Last Updated:Jan 04, 2024

AnalyticDB for PostgreSQL provides the one-click data warehousing feature to synchronize data from ApsaraDB RDS for PostgreSQL to AnalyticDB for PostgreSQL. To synchronize data in real time, you can create a publication on ApsaraDB RDS for PostgreSQL, and then create a one-click data warehousing job as the subscription to the publication on AnalyticDB for PostgreSQL.

Usage notes

  • The one-click data warehousing feature is supported only for AnalyticDB for PostgreSQL instances of V6.3.8.0 or later in elastic storage mode.

  • The one-click data warehousing feature is supported only for ApsaraDB RDS for PostgreSQL instances that run PostgreSQL 10.0 or later.

  • The ApsaraDB RDS for PostgreSQL and AnalyticDB for PostgreSQL instances must reside within the same virtual private cloud (VPC).

  • The synchronization objects must be tables.

  • Only the INSERT, UPDATE, DELETE, and TRUNCATE operations can be synchronized. Schema changes cannot be synchronized.

  • The destination table must have the same schema as the source table.

  • The source table on ApsaraDB RDS for PostgreSQL must contain a primary key.

  • Only the following data types are supported for synchronization:

    Numeric, character, BOOLEAN, time and date, enumeration, GEO, INTERNET, RANGE, JSON, BYTEA, BIT, and an array of the preceding types.

    Note

    If you synchronize data of other types, the one-click data warehousing job may be interrupted.

  • If data of the source table on ApsaraDB RDS for PostgreSQL is updated by using a statement such as UPDATE/DELETE WHERE CTID = ******, the update is not synchronized to the destination table on AnalyticDB for PostgreSQL.

Prerequisites

  • AnalyticDB for PostgreSQL

  • ApsaraDB RDS for PostgreSQL

    • An ApsaraDB RDS for PostgreSQL instance is created. For more information, see Create an ApsaraDB RDS for PostgreSQL instance.

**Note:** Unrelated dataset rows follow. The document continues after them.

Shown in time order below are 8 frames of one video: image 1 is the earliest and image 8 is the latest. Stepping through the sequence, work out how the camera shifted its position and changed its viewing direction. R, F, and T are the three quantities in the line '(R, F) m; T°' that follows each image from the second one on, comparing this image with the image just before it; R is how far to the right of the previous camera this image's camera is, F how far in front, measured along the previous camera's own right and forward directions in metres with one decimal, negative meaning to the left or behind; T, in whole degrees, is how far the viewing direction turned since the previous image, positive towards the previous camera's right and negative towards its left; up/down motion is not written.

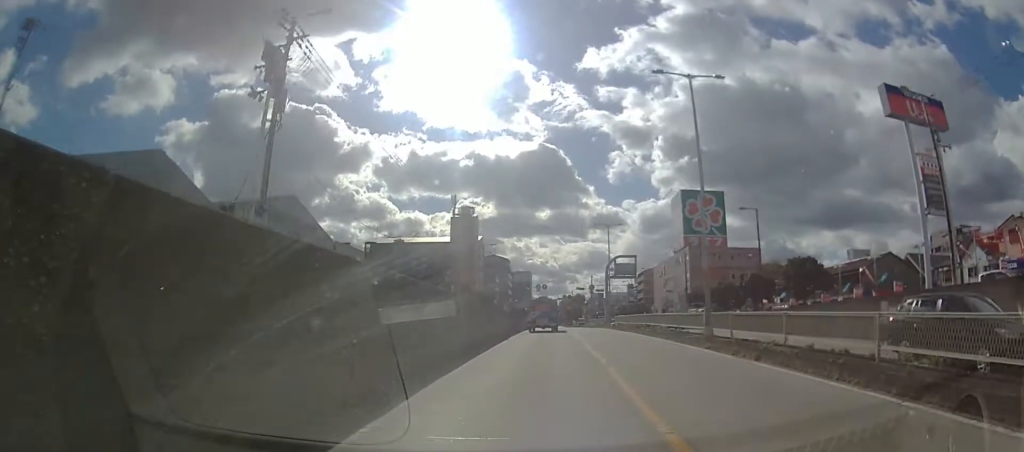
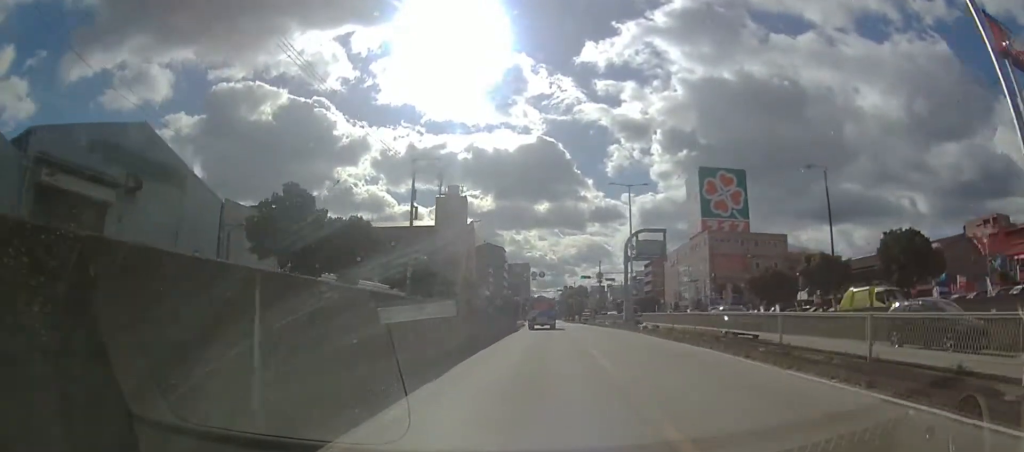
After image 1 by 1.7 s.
(+0.1, +14.2) m; 0°
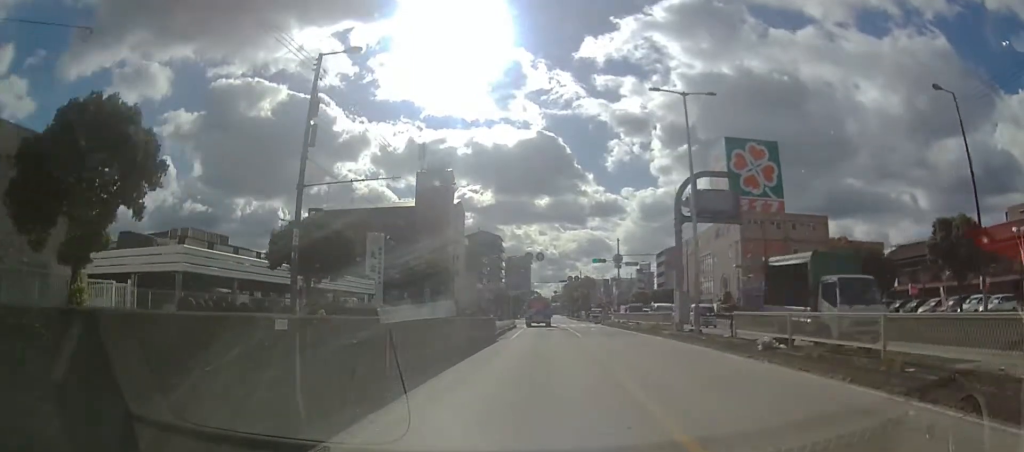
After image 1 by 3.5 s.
(0.0, +16.3) m; 0°
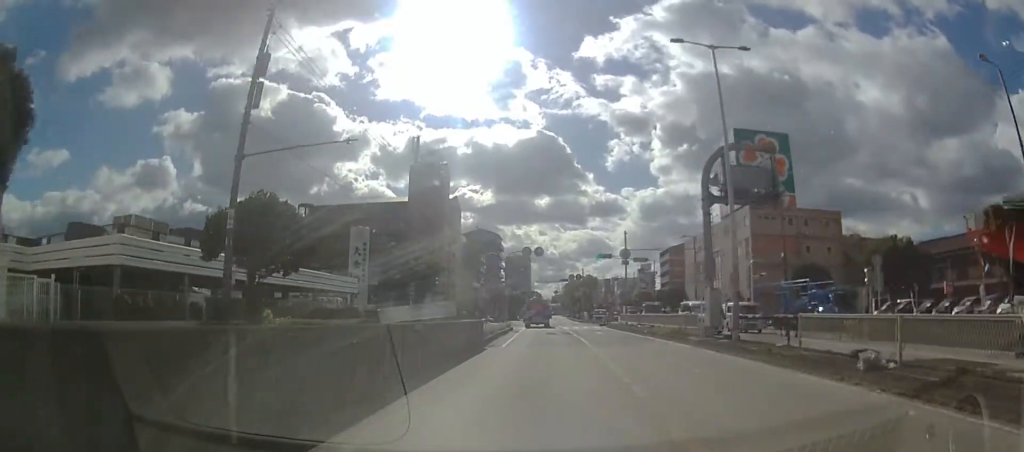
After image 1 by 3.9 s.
(0.0, +4.3) m; 0°
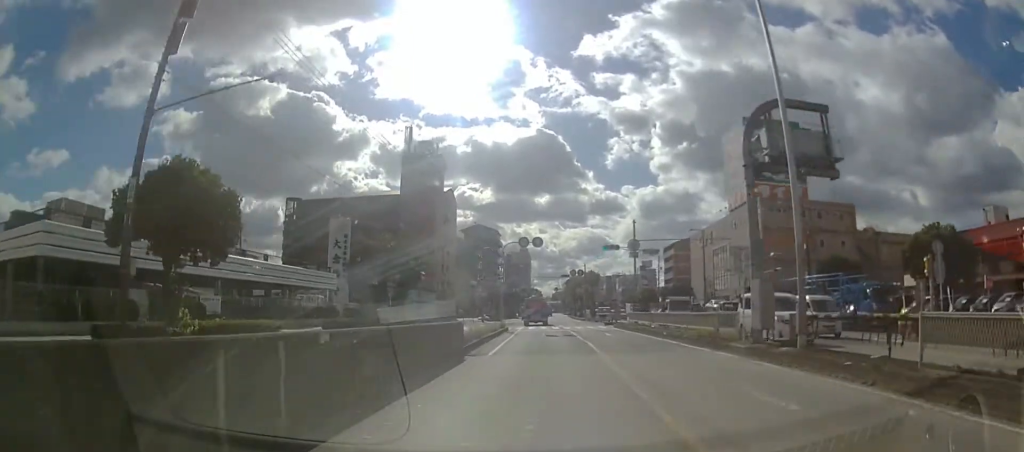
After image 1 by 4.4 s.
(0.0, +4.5) m; -1°
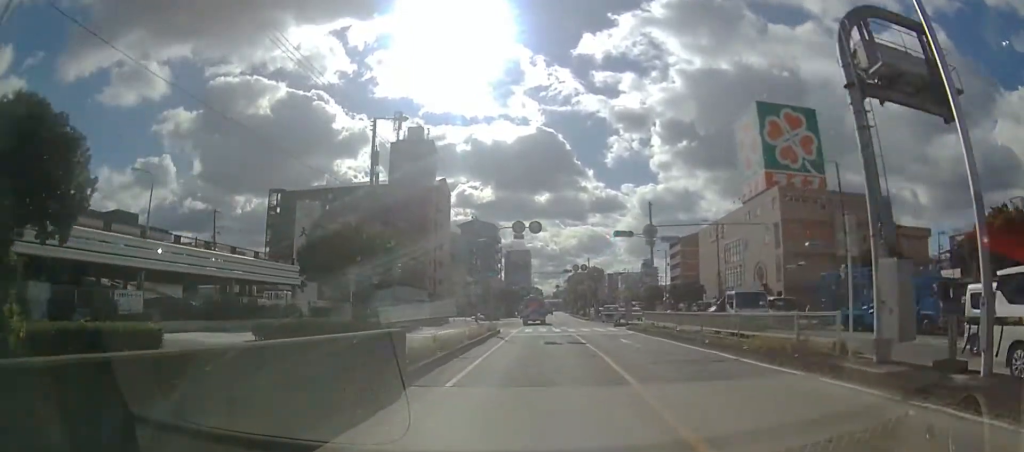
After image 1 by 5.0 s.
(0.0, +5.8) m; 0°
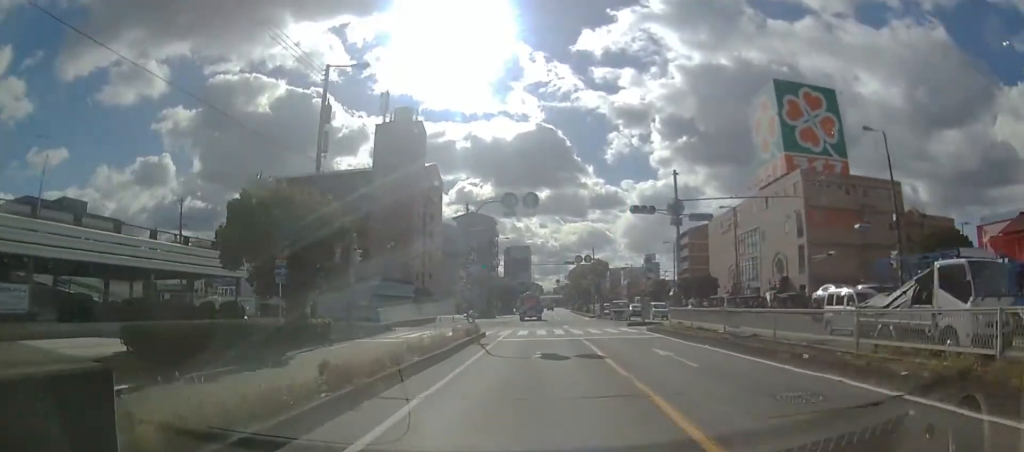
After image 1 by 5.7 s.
(0.0, +6.5) m; 0°
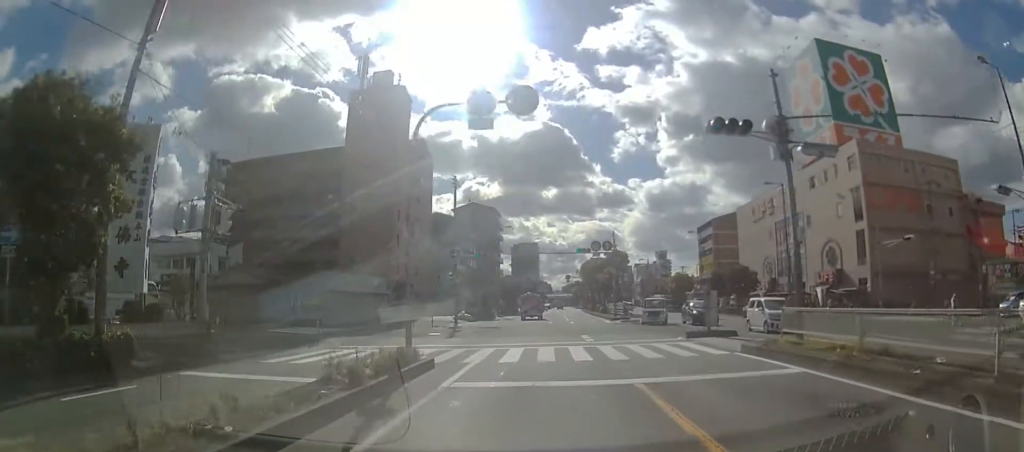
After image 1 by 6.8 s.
(0.0, +10.5) m; 0°

    • A privileged account is created. For more information, see Create an account.

    • The wal_level parameter is set to logical. For information about how to modify parameters, see Modify the parameters of an ApsaraDB RDS for PostgreSQL instance.

      Note

      The modification to the parameter takes effect only after you restart the instance. We recommend that you restart the instance during off-peak hours.

    • The internal endpoint of the AnalyticDB for PostgreSQL instance is added to a whitelist of the ApsaraDB RDS for PostgreSQL instance.

SQL syntax

This section describes the SQL syntax that is used to create, modify, and delete a one-click data warehousing job.

Create a one-click data warehousing job

Syntax

CREATE SUBSCRIPTION <subscription_name>
    CONNECTION 'conninfo'
    PUBLICATION <publication_name> [, ...]
    [ WITH ( subscription_parameter [= value] [, ... ] ) ]

Parameters

Parameter

Description

subscription_name

The name of the one-click data warehousing job.

conninfo

The connection information of the ApsaraDB RDS for PostgreSQL instance, including the endpoint, port number, database name, account, and password.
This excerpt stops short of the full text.